The inability of potential deputies to find an affordable place to live will soon do the most harm to public safety in Okaloosa County

This article is reprinted with permission from Mid Bay News

By Christopher Saul

It is nearly impossible to recruit deputies to Okaloosa County law enforcement agencies right now because they can’t find anywhere to live.

Three more issues compound the housing problem and make recruitment difficult for law enforcement:

But the sheriff and a local economist both agree – it’s the inability of potential deputies to find an affordable place to live that will do the most harm to public safety soon.

Recruitment was Already a Problem Before Housing Prices Shot Up

Deputies are hard to create.

Before becoming a deputy, individuals have to take an eight-month course that costs $3,500. Then they have to complete four months of in-field training before they become a net positive to the agency that hired them.
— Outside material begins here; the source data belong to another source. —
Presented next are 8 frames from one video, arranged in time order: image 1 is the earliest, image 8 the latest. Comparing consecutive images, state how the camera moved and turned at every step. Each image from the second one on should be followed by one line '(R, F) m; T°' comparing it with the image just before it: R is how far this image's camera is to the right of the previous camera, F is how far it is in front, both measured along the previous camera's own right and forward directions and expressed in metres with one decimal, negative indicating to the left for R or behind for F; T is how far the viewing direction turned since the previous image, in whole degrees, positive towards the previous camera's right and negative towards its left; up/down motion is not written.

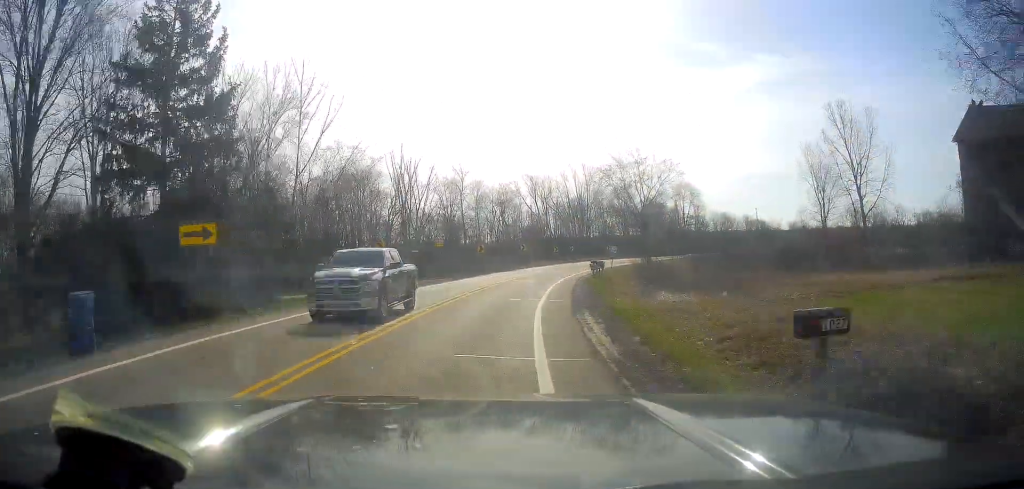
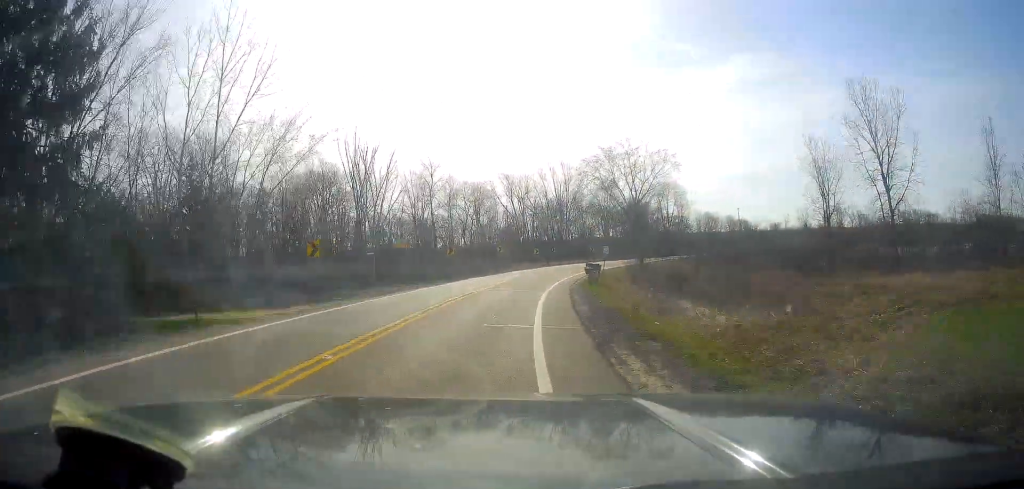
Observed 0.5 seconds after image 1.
(+0.2, +9.2) m; +3°
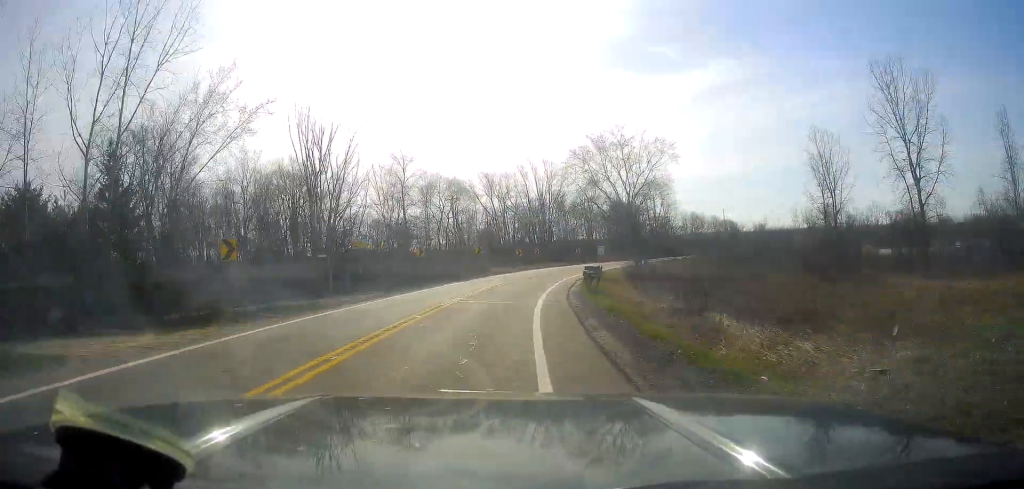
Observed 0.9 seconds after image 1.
(-0.2, +7.4) m; +2°
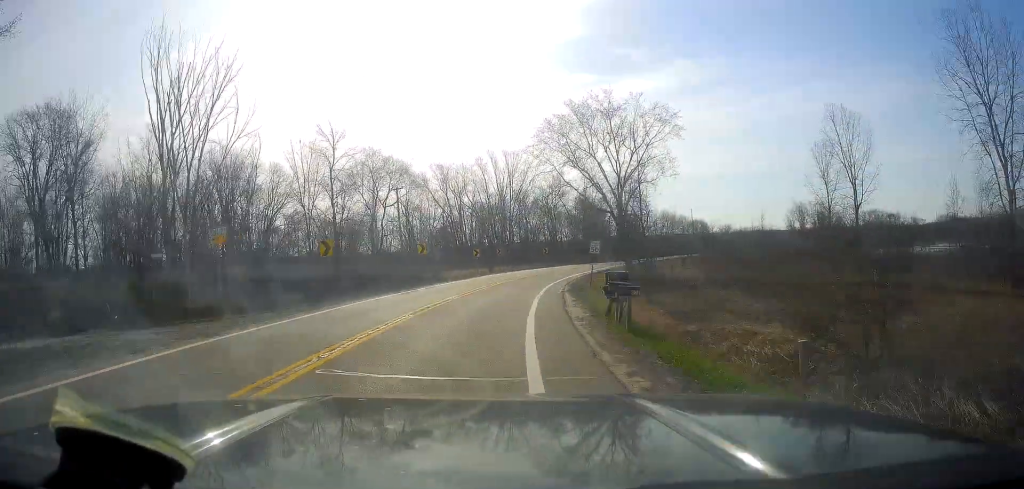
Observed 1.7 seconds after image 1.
(+0.9, +15.1) m; +4°
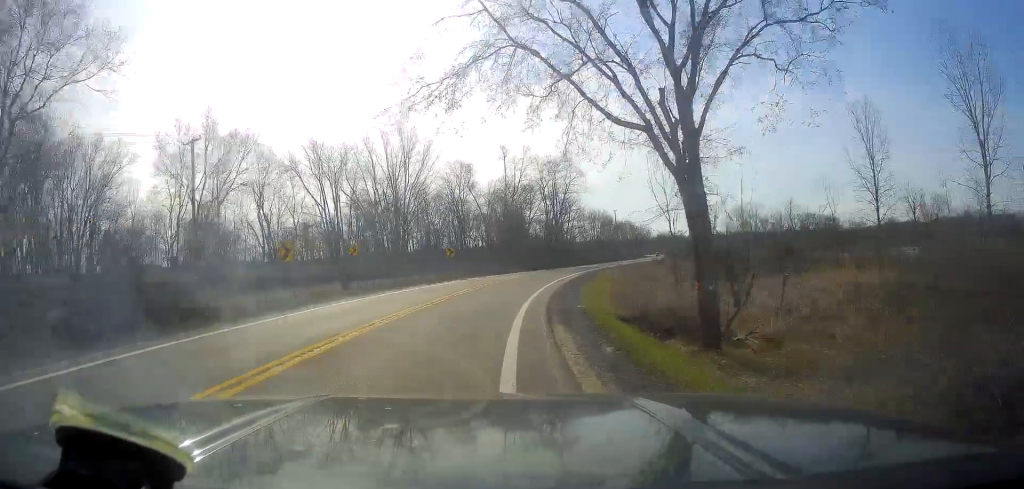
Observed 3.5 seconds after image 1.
(+2.5, +34.6) m; +10°
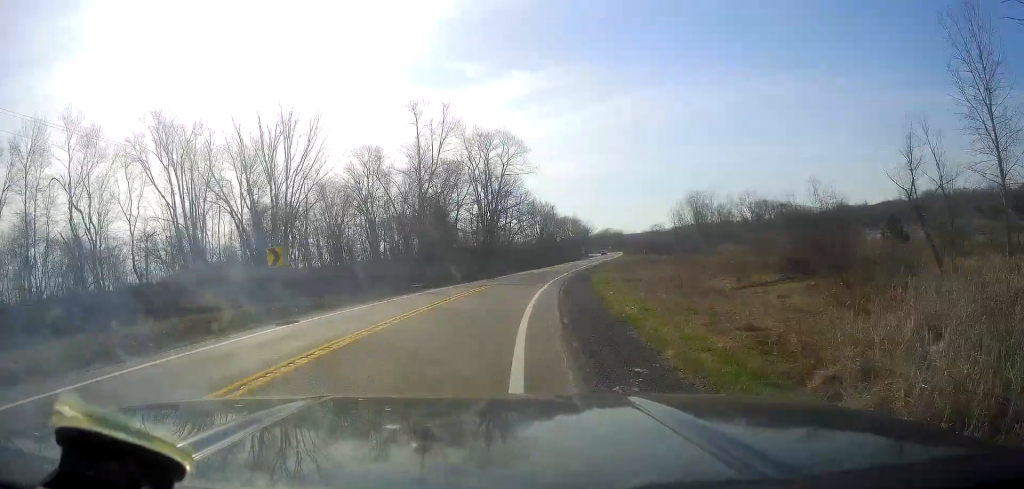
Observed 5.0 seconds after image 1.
(+2.5, +28.9) m; +8°
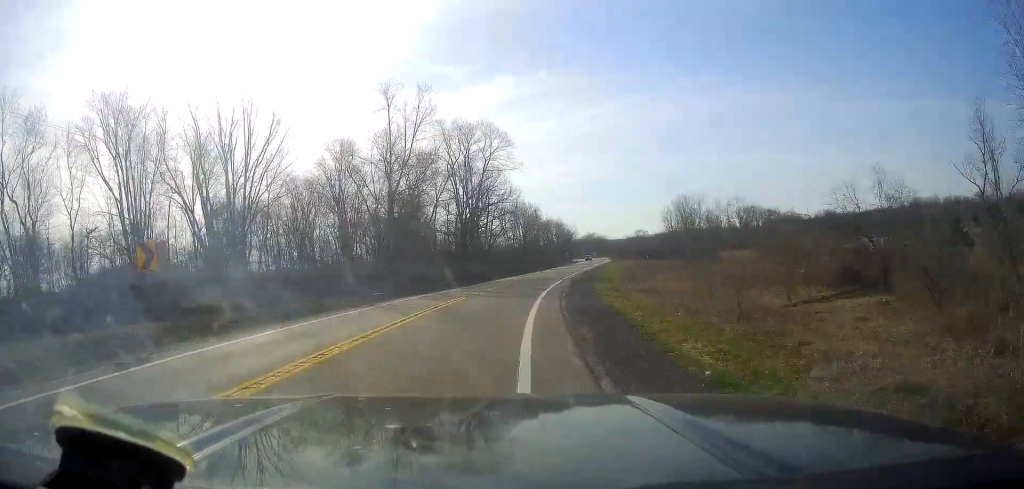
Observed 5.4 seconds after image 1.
(+0.1, +8.2) m; +2°
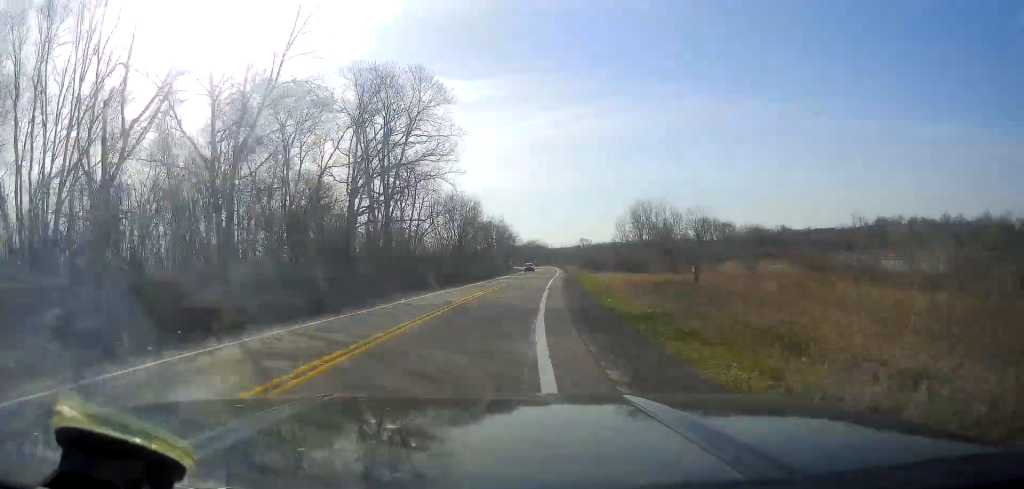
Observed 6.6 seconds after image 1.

A number of those recruits will decide that the isn’t the job for them and quit during the four months of in-field training.

Add in promotions, retirement and people taking jobs at higher-paying agencies – and it’s simply hard to keep deputies out protecting the streets here in Okaloosa County.

So, deputies are a scarce resource that Sheriff Aden and other sheriffs around the state and country want to preserve at all costs.

[RELATED: What impact is housing costs and availability having on LEOs?]

That’s why Sheriff Aden was just one of several who attended the police academy graduation at Northwest Florida State College (NWFSC) on March 7. Going to the graduation is partly about showing support, but it’s also a recruiting trip.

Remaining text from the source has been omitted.